Supplied data
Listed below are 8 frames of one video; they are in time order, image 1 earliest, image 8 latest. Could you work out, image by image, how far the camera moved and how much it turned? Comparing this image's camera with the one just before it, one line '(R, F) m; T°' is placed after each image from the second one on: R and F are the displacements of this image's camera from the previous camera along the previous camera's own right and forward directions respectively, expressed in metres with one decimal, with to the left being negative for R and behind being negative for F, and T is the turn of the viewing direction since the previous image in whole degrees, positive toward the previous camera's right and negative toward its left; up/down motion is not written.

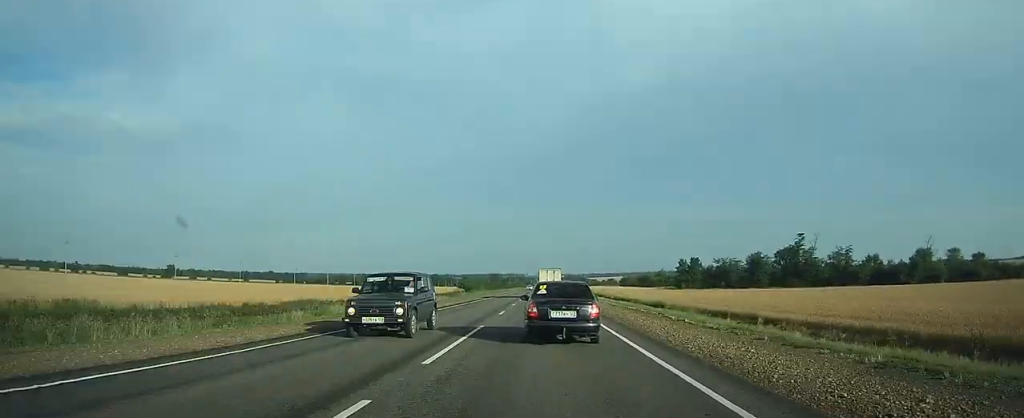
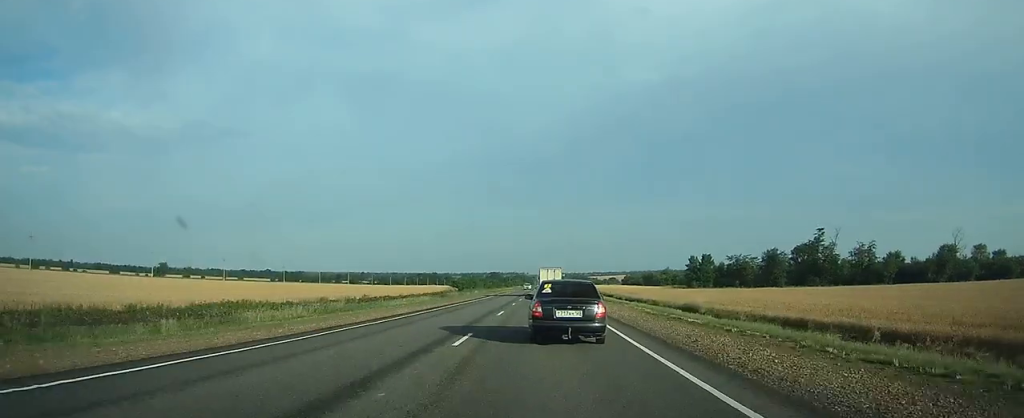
(-0.2, +14.0) m; 0°
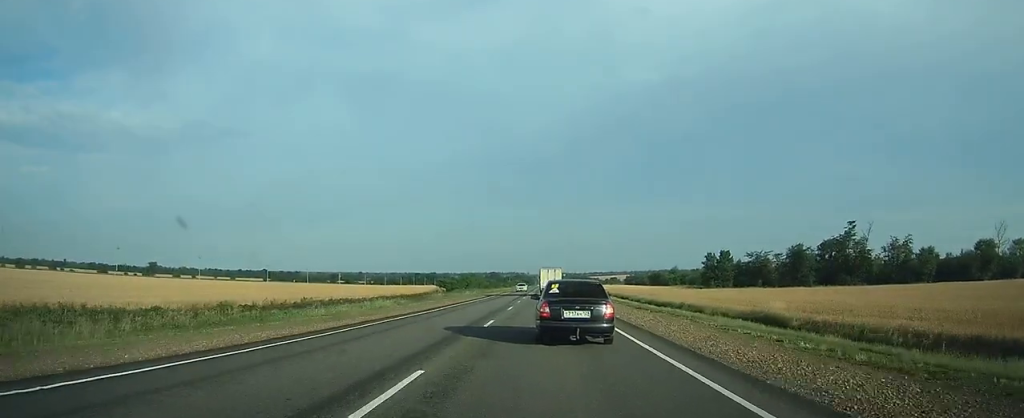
(+0.2, +19.3) m; +1°
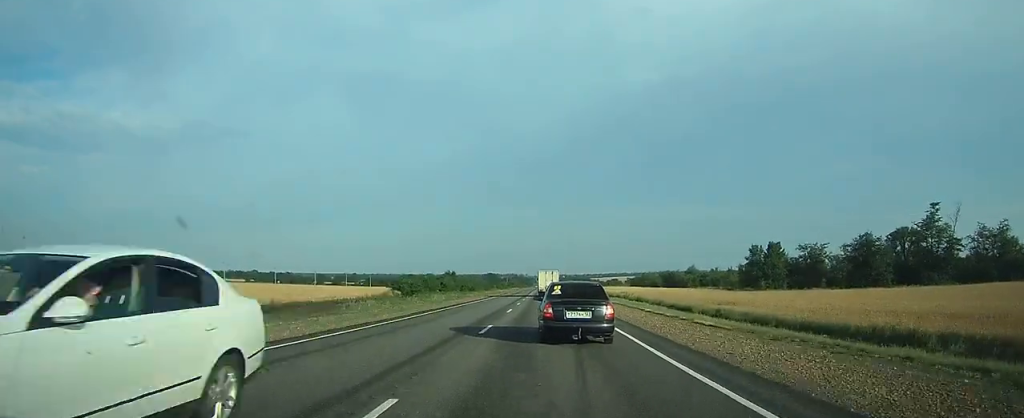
(+0.1, +39.3) m; 0°
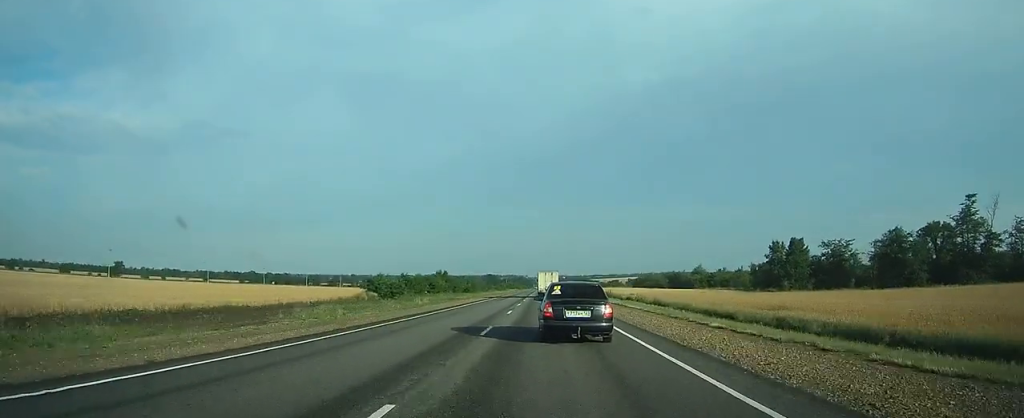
(0.0, +12.5) m; 0°
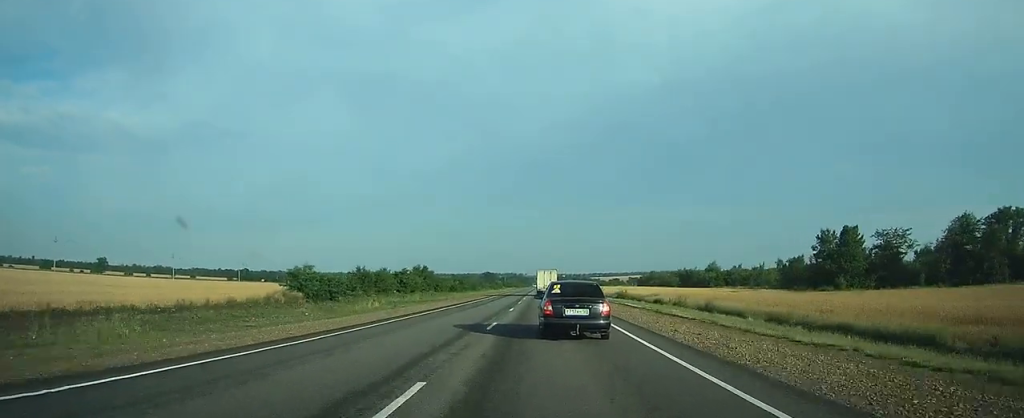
(+0.1, +22.8) m; 0°
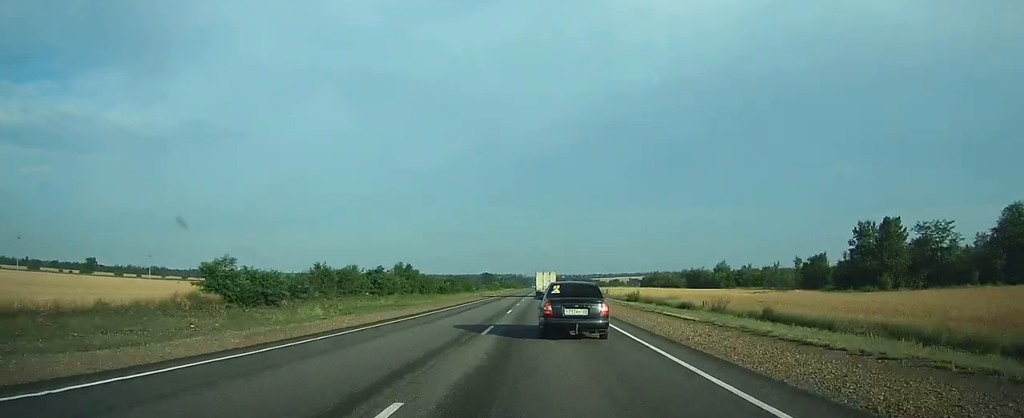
(0.0, +13.3) m; 0°
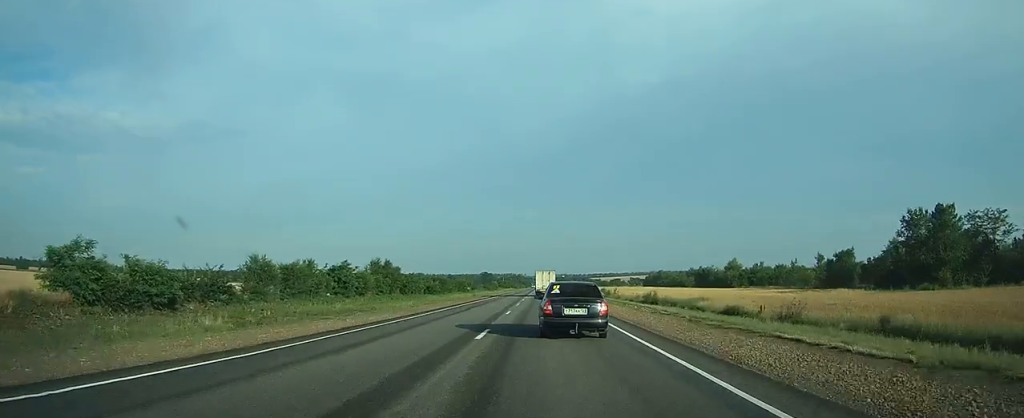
(0.0, +13.3) m; 0°

What this task involves
Please set the records down again exactly as written. The pictures should not be included.

Task output
Listed below are 8 frames of one video; they are in time order, image 1 earliest, image 8 latest. Could you work out, image by image, how far the camera moved and how much it turned? Comparing this image's camera with the one just before it, one line '(R, F) m; T°' is placed after each image from the second one on: R and F are the displacements of this image's camera from the previous camera along the previous camera's own right and forward directions respectively, expressed in metres with one decimal, with to the left being negative for R and behind being negative for F, and T is the turn of the viewing direction since the previous image in whole degrees, positive toward the previous camera's right and negative toward its left; up/down motion is not written.

(-0.2, +14.0) m; 0°
(+0.2, +19.3) m; +1°
(+0.1, +39.3) m; 0°
(0.0, +12.5) m; 0°
(+0.1, +22.8) m; 0°
(0.0, +13.3) m; 0°
(0.0, +13.3) m; 0°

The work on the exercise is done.